For this, one can use the statistical test. The test statistic is
\[ \lambda:= 2(l_{p+q}-l_p)=2(\ln L_{p+q}-\ln L_{p})=2\ln\frac{L_{p+q}}{L_p}>0, \]
where all functions are calculated at the points of their maximums. Note \(L_{p+q}>L_p\) because \(L_{p+q}\) is calculated at maximum over all possible \(p+q\) values, while \(L_p\) may be understood as the maximum of the function of \(p+q\) variables over the first \(p\) variables with fixed last \(q\) variables equal to \(0\):
\[ \beta_1 \cdot z_1+ \ldots +\beta_p \cdot z_p + 0\cdot z_{p+1} + \ldots + 0\cdot z_{p+q} =\beta_1 \cdot z_1+ \ldots +\beta_p \cdot z_p. \]
The \(H_0\) hypotehsis is then that \(\beta_{p+1}+\ldots+\beta_{p+q}=0\). The test is \(\chi^2\) test with \(q\) degrees of freedom:
fit1 <- coxph(Surv(time, status == 2) ~ sex, data = lung)

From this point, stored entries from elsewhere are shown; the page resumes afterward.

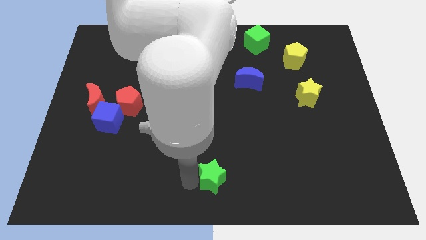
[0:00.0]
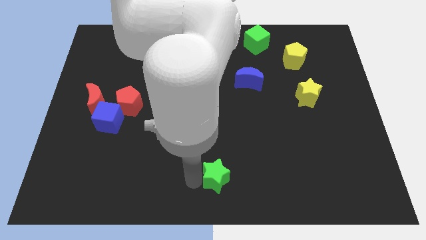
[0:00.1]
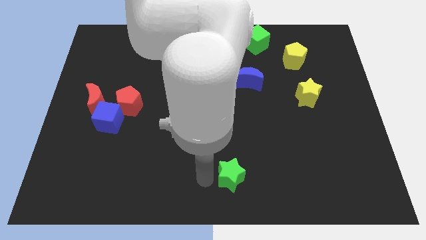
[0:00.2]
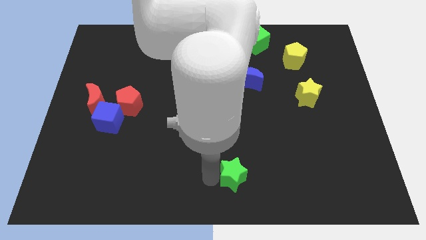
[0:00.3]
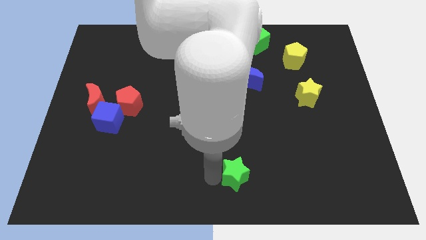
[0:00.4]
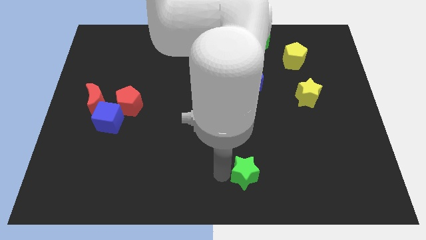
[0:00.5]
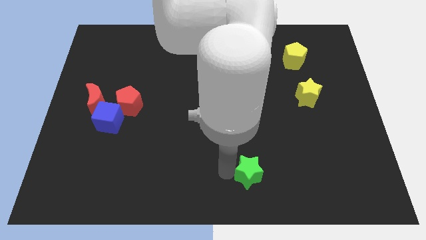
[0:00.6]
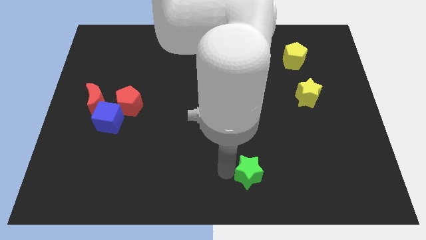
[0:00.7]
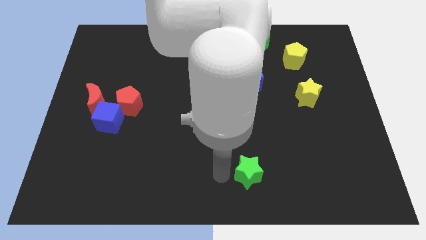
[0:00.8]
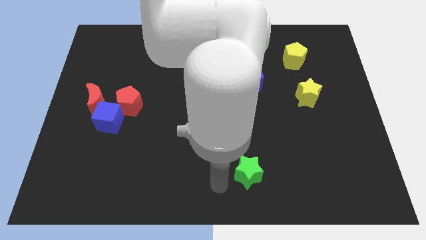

fit2 <- coxph(Surv(time, status == 2) ~ sex + age, data = lung)
anova(fit1, fit2, test = "LRT")Analysis of Deviance Table
Cox model: response is Surv(time, status == 2)
Model 1: ~ sex
Model 2: ~ sex + age
loglik Chisq Df Pr(>|Chi|)
1 -744.59
2 -742.85 3.4895 1 0.06176 .
---
Signif. codes: 0 '***' 0.001 '**' 0.01 '*' 0.05 '.' 0.1 ' ' 1
The number \(0.06176\) is the \(p\)-value. Hence, if we need the (standard) \(5\)% significance level, we do not regect the null hypothesis (as \(0.06176>0.05\)), so there is some evidence that age affects the hazard (after accounting for sex factor), but it is not strong enough at the \(5\)% level.
4.2
Check if sex affects the hazard here, at the \(5\)% level.
Check you answer: the \(p\)-value is \(0.001669<0.05\), hence, we reject the null hypothesis that sex does not affect the hazard, i.e. after accounting for age, sex does significantly improve the model.